The Government did attempt to have the trial court charge the Milanovich rule, but the court refused.3 Counsel for Tyler, although he was furnished a copy of the Government's request and was present when the requested instruction was discussed, never asked for such an instruction and took no exception to the charge as given.
Whether or no the crime of possession (as charged in Count 2) as distinguished from the crime of receiving, which was not charged in that count, takes it out of the rule of Milanovich is therefore our first concern, since we have held that failure so to charge in a larceny-receiving case is plain error whether requested or not. Cf., United States v. O'Neil, 436 F.2d 571 (9th Cir. 1970); Keating v. United States, 413 F.2d 1028 (9th Cir. 1969).
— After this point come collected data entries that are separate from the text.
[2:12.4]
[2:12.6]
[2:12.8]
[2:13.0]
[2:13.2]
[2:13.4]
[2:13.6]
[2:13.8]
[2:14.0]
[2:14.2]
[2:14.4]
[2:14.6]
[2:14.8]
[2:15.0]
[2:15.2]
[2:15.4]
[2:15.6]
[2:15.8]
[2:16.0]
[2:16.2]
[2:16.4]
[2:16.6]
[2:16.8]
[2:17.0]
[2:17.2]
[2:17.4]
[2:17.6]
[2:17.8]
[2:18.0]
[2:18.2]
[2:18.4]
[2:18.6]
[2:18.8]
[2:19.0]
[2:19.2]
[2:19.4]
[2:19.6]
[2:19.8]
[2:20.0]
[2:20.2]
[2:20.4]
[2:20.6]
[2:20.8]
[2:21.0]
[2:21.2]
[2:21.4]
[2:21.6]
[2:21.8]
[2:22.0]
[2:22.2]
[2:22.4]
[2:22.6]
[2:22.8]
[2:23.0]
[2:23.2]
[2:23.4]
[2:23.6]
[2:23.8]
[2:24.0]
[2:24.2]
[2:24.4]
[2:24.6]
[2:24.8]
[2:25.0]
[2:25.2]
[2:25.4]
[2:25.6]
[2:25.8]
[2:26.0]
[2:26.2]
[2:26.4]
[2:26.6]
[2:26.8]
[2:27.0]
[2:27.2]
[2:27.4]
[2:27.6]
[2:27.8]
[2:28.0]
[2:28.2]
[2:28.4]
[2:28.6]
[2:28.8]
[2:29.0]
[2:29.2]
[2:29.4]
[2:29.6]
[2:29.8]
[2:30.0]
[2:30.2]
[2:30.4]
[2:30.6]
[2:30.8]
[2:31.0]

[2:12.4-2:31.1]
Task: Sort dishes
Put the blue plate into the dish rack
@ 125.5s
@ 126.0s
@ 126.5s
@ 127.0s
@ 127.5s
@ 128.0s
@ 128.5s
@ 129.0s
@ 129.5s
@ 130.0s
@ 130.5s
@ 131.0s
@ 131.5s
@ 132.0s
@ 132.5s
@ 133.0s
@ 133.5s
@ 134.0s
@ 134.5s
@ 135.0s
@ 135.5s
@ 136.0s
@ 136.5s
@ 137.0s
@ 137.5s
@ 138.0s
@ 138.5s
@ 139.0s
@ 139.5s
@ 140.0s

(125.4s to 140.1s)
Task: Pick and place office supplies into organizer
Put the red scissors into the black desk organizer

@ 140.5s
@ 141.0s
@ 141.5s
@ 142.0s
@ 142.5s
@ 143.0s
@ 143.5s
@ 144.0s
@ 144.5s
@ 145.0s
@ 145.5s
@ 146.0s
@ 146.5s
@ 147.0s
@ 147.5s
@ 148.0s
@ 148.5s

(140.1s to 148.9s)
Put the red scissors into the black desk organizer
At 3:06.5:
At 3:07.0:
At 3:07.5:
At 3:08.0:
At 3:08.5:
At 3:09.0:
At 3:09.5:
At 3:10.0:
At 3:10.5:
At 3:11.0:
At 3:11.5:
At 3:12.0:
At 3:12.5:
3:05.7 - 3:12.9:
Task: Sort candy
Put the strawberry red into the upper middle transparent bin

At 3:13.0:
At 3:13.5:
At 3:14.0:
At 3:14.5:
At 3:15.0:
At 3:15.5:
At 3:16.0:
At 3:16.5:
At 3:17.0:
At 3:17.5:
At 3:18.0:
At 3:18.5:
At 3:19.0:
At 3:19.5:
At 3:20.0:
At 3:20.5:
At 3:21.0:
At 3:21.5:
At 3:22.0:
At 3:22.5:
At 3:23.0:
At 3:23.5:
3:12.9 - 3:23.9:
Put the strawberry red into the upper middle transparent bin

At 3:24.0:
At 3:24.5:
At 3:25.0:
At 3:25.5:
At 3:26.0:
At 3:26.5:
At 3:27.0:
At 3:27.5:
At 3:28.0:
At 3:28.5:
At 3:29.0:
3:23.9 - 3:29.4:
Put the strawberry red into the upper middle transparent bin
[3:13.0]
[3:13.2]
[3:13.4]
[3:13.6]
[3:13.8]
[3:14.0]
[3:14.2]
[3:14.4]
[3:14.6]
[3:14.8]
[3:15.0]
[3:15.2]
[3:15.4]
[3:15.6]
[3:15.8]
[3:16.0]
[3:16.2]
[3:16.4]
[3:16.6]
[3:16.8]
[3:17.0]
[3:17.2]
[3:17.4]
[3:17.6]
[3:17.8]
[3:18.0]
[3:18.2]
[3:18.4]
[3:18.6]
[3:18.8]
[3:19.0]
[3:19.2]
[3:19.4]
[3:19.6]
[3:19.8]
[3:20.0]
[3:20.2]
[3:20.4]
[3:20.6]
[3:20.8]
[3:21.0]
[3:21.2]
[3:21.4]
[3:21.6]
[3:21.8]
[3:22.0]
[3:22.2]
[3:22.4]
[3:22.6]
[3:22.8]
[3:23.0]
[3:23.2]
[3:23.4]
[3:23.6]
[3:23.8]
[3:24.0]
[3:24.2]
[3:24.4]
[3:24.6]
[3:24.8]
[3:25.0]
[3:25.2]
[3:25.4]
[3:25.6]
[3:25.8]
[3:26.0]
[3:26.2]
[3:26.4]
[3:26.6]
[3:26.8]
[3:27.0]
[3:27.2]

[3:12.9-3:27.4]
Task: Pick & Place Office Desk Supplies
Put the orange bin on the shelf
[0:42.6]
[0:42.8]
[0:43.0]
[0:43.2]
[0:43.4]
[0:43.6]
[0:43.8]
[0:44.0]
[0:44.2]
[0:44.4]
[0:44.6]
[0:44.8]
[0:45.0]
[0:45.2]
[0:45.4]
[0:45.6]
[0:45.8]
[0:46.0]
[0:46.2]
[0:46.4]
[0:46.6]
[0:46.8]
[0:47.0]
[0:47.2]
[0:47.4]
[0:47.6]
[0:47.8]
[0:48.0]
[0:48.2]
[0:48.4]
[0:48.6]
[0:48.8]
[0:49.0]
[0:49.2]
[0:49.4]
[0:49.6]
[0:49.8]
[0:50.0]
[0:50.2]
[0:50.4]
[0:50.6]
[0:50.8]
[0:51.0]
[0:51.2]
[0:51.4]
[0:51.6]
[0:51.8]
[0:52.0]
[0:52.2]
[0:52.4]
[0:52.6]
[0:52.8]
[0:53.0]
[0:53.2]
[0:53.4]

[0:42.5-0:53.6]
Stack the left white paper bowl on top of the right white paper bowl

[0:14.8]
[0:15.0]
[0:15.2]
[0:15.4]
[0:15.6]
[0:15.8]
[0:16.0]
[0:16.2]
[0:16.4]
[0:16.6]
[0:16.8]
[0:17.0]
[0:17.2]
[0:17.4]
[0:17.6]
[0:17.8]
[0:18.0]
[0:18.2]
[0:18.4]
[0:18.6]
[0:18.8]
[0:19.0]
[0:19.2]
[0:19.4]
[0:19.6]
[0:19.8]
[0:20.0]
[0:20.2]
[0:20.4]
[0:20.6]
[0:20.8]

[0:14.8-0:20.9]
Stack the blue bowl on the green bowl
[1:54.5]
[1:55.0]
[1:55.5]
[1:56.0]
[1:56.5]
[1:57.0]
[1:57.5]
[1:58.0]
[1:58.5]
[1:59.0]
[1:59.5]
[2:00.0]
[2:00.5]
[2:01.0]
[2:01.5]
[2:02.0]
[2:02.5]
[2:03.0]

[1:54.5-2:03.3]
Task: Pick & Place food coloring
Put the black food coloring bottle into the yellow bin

We acknowledge the fact that Milanovich, although a 5-4 decision, is authority for the proposition that in any prosecution of a single wrongdoer for the crimes of larceny and receiving the same goods or money, the court must charge the jury that they may convict for either larceny or receiving but not both. We are not bound, however, by such a rule where the crimes charged under the Federal Bank Robbery Act are for larceny and possession (18 U.S.C. § 2113(b) and (c)) unless, of course, possession and receiving are synonymous.
Milanovich was concerned with the statutory construction of 18 U.S.C. § 6414 insofar as it related to the crimes of larceny and receiving. It agreed with the Court of Appeals (Milanovich v. United States, 275 F.2d 716 (4th Cir. 1960)) that the Court of Appeals' understanding of the Supreme Court's construction of 18 U.S.C. § 2113(c) in Heflin v. United States, 358 U.S. 415, 79 S. Ct. 451, 3 L. Ed. 2d 407 (1959) was correct, and accordingly the Supreme Court, in Milanovich, could find no difference between the two statutes or the legislative histories to justify a different interpretation in respect to the issue before them. It held:
"With respect to the receiving statute before us in Heflin, we decided that 'Congress was trying to reach a new group of wrongdoers, not to multiply the offense of the . . . robbers themselves,' 358 U.S. at [page] 420 [, 79 S. Ct., at page 454]. We find nothing in the language or history of the present statute which leads to a different conclusion here." (365 U.S. 551, 554, 81 S. Ct. 728, 729)
In our view the most that Heflin decided was that Congress did not intend to pyramid the punishment of bank robbers merely because they received, possessed, concealed, etc. the proceeds of the robbery. It did not intend to, nor did it, state that Congress had no authority to make such acts criminal. After reviewing the legislative history, the Court, in Heflin, stated:
"This clue to the purpose of Congress argues strongly against the position of the Government. From these Reports it seems clear that subsection (c) was not designed to increase the punishment for him who robs a bank but only to provide punishment for those who receive the loot from the robber. We find no purpose of Congress to pyramid penalties for lesser offenses following the robbery. It may be true that in logic those who divide up the loot following a robbery receive from robbers and thus multiply the offense. But in view of the legislative history of subsection (c) we think Congress was trying to reach a new group of wrongdoers, not to multiply the offense of the bank robbers themselves." (358 U.S. 415 pp. 419-420, 79 S. Ct. 451 p. 454)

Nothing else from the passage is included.